Task item: With all pictures excluded, restate the records that follow exactly as written.

(Records from a collection)
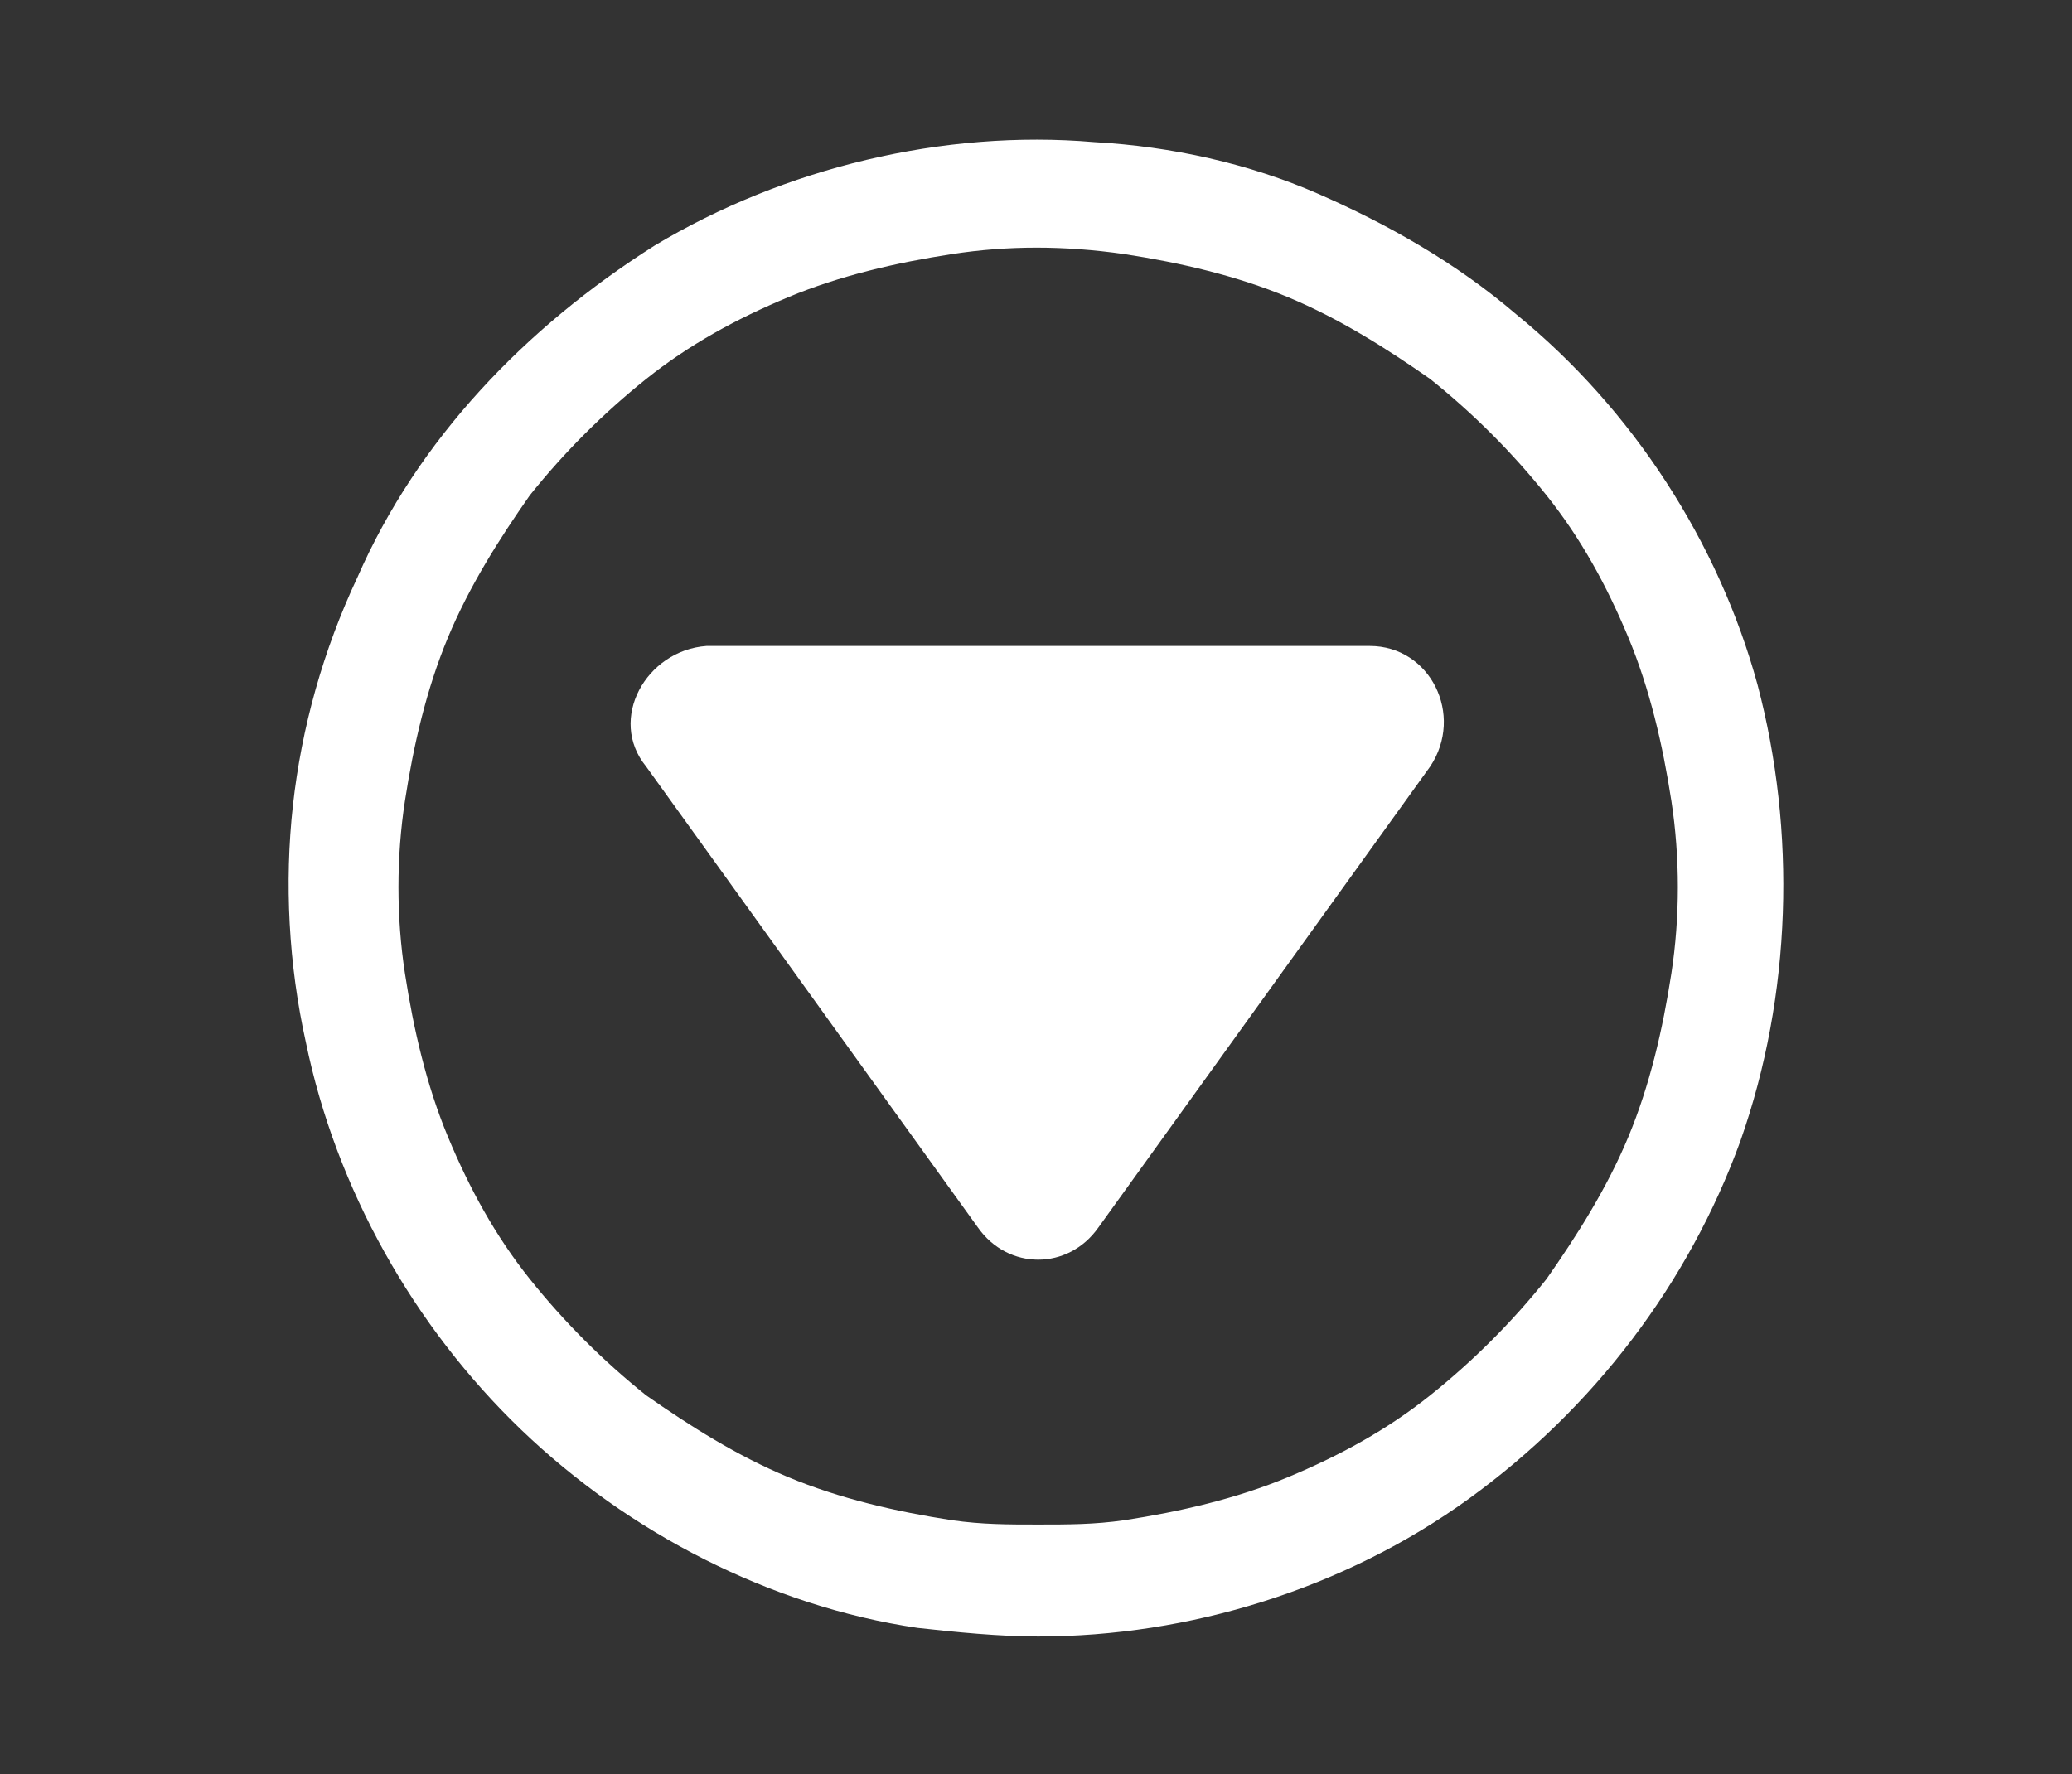 <?xml version="1.0" encoding="UTF-8"?>
<svg xmlns="http://www.w3.org/2000/svg" version="1.1" viewBox="0 0 48.1 41.2">
  <rect x="0" y="0" width="48.1" height="41.2" fill="#333333" stroke="none"/>
  <defs>
    <style>
      .cls-1 {
        fill: #fff;
      }
    </style>
  </defs>
  <!-- Generator: Adobe Illustrator 28.6.0, SVG Export Plug-In . SVG Version: 1.2.0 Build 709)  -->
  <g>
    <g id="Ebene_1">
      <g>
        <path class="cls-1" d="M15,17.8l7.7,10.7c.7,1,2.1,1,2.8,0l7.7-10.7c.8-1.2,0-2.8-1.4-2.8h-15.4c-1.4.1-2.3,1.7-1.4,2.8Z"/>
        <path class="cls-1" d="M8.3,13.4c-.8,1.7-1.3,3.5-1.5,5.3-.2,1.8-.1,3.7.3,5.5.7,3.4,2.5,6.6,5,9,2.5,2.4,5.8,4.1,9.2,4.6.9.1,1.9.2,2.8.2,3.5,0,7.1-1.1,10-3.2,2.9-2.1,5.1-5,6.3-8.3,1.2-3.4,1.3-7.2.4-10.6-.9-3.3-2.9-6.4-5.6-8.6-1.4-1.2-3-2.1-4.6-2.8-1.6-.7-3.4-1.1-5.2-1.2-3.5-.3-7.2.6-10.2,2.4-3,1.9-5.5,4.5-6.9,7.7ZM26.1,5.9c1.3.2,2.6.5,3.8,1,1.2.5,2.3,1.2,3.3,1.9,1,.8,1.9,1.7,2.7,2.7s1.4,2.1,1.9,3.3.8,2.5,1,3.8c.2,1.3.2,2.7,0,4s-.5,2.6-1,3.8c-.5,1.2-1.2,2.3-1.9,3.3-.8,1-1.7,1.9-2.7,2.7s-2.1,1.4-3.3,1.9c-1.2.5-2.5.8-3.8,1-.7.1-1.3.1-2,.1s-1.3,0-2-.1c-1.3-.2-2.6-.5-3.8-1-1.2-.5-2.3-1.2-3.3-1.9-1-.8-1.9-1.7-2.7-2.7s-1.4-2.1-1.9-3.3c-.5-1.2-.8-2.5-1-3.8s-.2-2.7,0-4,.5-2.6,1-3.8,1.2-2.3,1.9-3.3c.8-1,1.7-1.9,2.7-2.7,1-.8,2.1-1.4,3.3-1.9s2.5-.8,3.8-1c1.3-.2,2.6-.2,4,0Z"/>
      </g>
    </g>
  </g>
</svg>

Written answer:
 <?xml version="1.0" encoding="UTF-8"?>
<svg xmlns="http://www.w3.org/2000/svg" version="1.1" viewBox="0 0 48.1 41.2">
  <rect x="0" y="0" width="48.1" height="41.2" fill="#333333" stroke="none"/>
  <defs>
    <style>
      .cls-1 {
        fill: #fff;
      }
    </style>
  </defs>
  <!-- Generator: Adobe Illustrator 28.6.0, SVG Export Plug-In . SVG Version: 1.2.0 Build 709)  -->
  <g>
    <g id="Ebene_1">
      <g>
        <path class="cls-1" d="M15,17.8l7.7,10.7c.7,1,2.1,1,2.8,0l7.7-10.7c.8-1.2,0-2.8-1.4-2.8h-15.4c-1.4.1-2.3,1.7-1.4,2.8Z"/>
        <path class="cls-1" d="M8.3,13.4c-.8,1.7-1.3,3.5-1.5,5.3-.2,1.8-.1,3.7.3,5.5.7,3.4,2.5,6.6,5,9,2.5,2.4,5.8,4.1,9.2,4.6.9.1,1.9.2,2.8.2,3.5,0,7.1-1.1,10-3.2,2.9-2.1,5.1-5,6.3-8.3,1.2-3.4,1.3-7.2.4-10.6-.9-3.3-2.9-6.4-5.6-8.6-1.4-1.2-3-2.1-4.6-2.8-1.6-.7-3.4-1.1-5.2-1.2-3.5-.3-7.2.6-10.2,2.4-3,1.9-5.5,4.5-6.9,7.7ZM26.1,5.9c1.3.2,2.6.5,3.8,1,1.2.5,2.3,1.2,3.3,1.9,1,.8,1.9,1.7,2.7,2.7s1.4,2.1,1.9,3.3.8,2.5,1,3.8c.2,1.3.2,2.7,0,4s-.5,2.6-1,3.8c-.5,1.2-1.2,2.3-1.9,3.3-.8,1-1.7,1.9-2.7,2.7s-2.1,1.4-3.3,1.9c-1.2.5-2.5.8-3.8,1-.7.1-1.3.1-2,.1s-1.3,0-2-.1c-1.3-.2-2.6-.5-3.8-1-1.2-.5-2.3-1.2-3.3-1.9-1-.8-1.9-1.7-2.7-2.7s-1.4-2.1-1.9-3.3c-.5-1.2-.8-2.5-1-3.8s-.2-2.7,0-4,.5-2.6,1-3.8,1.2-2.3,1.9-3.3c.8-1,1.7-1.9,2.7-2.7,1-.8,2.1-1.4,3.3-1.9s2.5-.8,3.8-1c1.3-.2,2.6-.2,4,0Z"/>
      </g>
    </g>
  </g>
</svg>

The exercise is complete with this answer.